CASE NO. BK08-83078-TJM, ADV. NO. 09-8003-TJM.United States Bankruptcy Court, D. Nebraska.
March 10, 2010
ORDER
TIMOTHY MAHONEY, Chief Judge
Trial was held in Omaha, Nebraska, on February 23, 2010, regarding Filing #1, Notice of Removal, filed by Brown Associates, Ltd. Charles Forrest appeared for Brown Associates, Ltd., and Michael Peterson appeared for Positive Property Management, LLC.
Background, Facts, and Discussion
At Filing #63 an order was entered denying a motion for summary judgment filed by the defendants. That order contains a general description of the issue and the background of this case.
The parties entered into a lease of improved real property in 1989. Positive Property Management, LLC (“PPM”), is the owner of the improved property. A corporation owned by Brown Associates, Ltd. (“Brown”), Maple, Inc., d/b/a Sparks Computerized Car Care, was the tenant under the original lease from 1989 through 1999, and, on a subsequent lease from December 1999 through the time Maple, Inc., notified the landlord of a termination of the lease based upon an alleged breach of the lease by the landlord in November of 2002. Brown is a guarantor of the lease.
PPM eventually sued Maple, Inc., and Brown in Douglas County District Court for damages resulting from an alleged breach of the lease, the termination by Maple, Inc. Brown then filed this Chapter 11 case and removed the state court action to the bankruptcy court.

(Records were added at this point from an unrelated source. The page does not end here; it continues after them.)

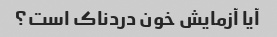
آیا آزمایش خون دردناک است؟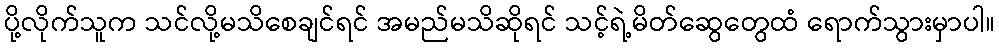
ပို့လိုက်သူက သင်လို့မသိစေချင်ရင် အမည်မသိဆိုရင် သင့်ရဲ့မိတ်ဆွေတွေထံ ရောက်သွားမှာပါ။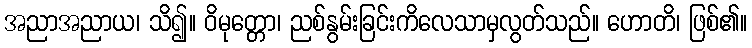
အညာအညာယ၊ သိ၍။ ဝိမုတ္တော၊ ညစ်နွမ်းခြင်းကိလေသာမှလွတ်သည်။ ဟောတိ၊ ဖြစ်၏။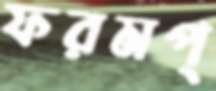
ফরমপ্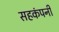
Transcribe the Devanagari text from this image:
सहकंपनी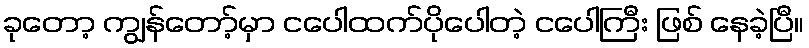
ခုတော့ ကျွန်တော့်မှာ ငပေါထက်ပိုပေါတဲ့ ငပေါကြီး ဖြစ် နေခဲ့ပြီ။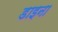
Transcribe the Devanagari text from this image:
डाइना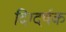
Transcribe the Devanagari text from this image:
दिग्दर्षक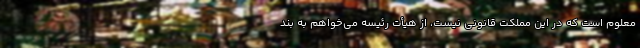
معلوم است که در این مملکت قانونی نیست، از هیأت رئیسه می‌خواهم به بند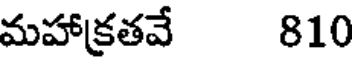
మహాక్రతవే 810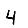
Digit: 4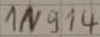
Text: 1N914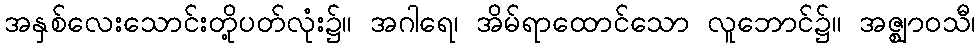
အနှစ်လေးသောင်းတို့ပတ်လုံး၌။ အဂါရေ၊ အိမ်ရာထောင်သော လူဘောင်၌။ အဇ္ဈာဝသီ၊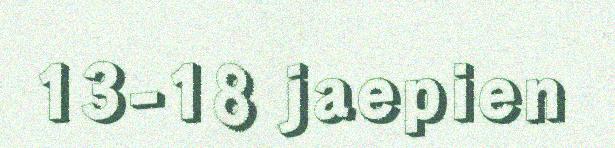
13-18 jaepien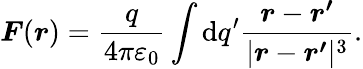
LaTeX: {\boldsymbol{F}}({\boldsymbol{r}})={\frac{q}{4\pi\varepsilon_{0}}}\int\mathrm{d}q^{\prime}{\frac{{\boldsymbol{r}}-{\boldsymbol{r^{\prime}}}}{|{\boldsymbol{r}}-{\boldsymbol{r^{\prime}}}|^{3}}}.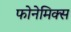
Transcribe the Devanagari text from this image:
फोनेमिक्स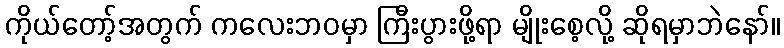
ကိုယ်တော့်အတွက် ကလေးဘဝမှာ ကြီးပွားဖို့ရာ မျိုးစေ့လို့ ဆိုရမှာဘဲနော်။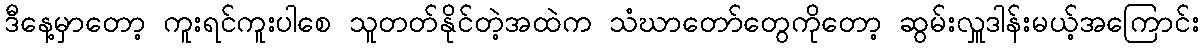
ဒီနေ့မှာတော့ ကူးရင်ကူးပါစေ သူတတ်နိုင်တဲ့အထဲက သံဃာတော်တွေကိုတော့ ဆွမ်းလှူဒါန်းမယ့်အကြောင်း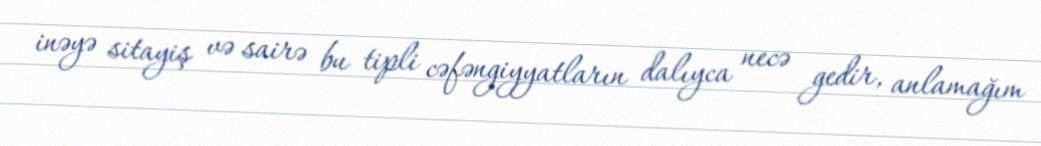
inəyə sitayiş və sairə bu tipli cəfəngiyyatların dalıyca necə gedir, anlamağım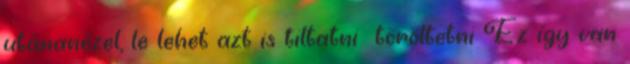
utánanézel, le lehet azt is tiltatni töröltetni Ez így van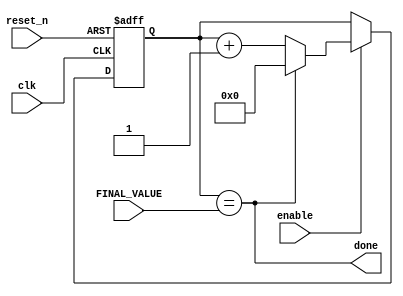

Both leases have identical language concerning a restriction on the type of business that the landlord may permit in the business center which the landlord owns and which is adjacent to the property being used by Maple, Inc. The Maple, Inc., property is identified as 8815 Maple Street, Omaha, Nebraska. The adjacent property includes a number of bays which businesses may rent, and has always included a business called “Sports Imports Auto Sales” which is a used car sales lot and rental lot. Mr. Bristol, the owner of PPM, is also the owner of Bristol, Inc., d/b/a Sports Imports. Mr. Bristol executed the lease in question on behalf of PPM.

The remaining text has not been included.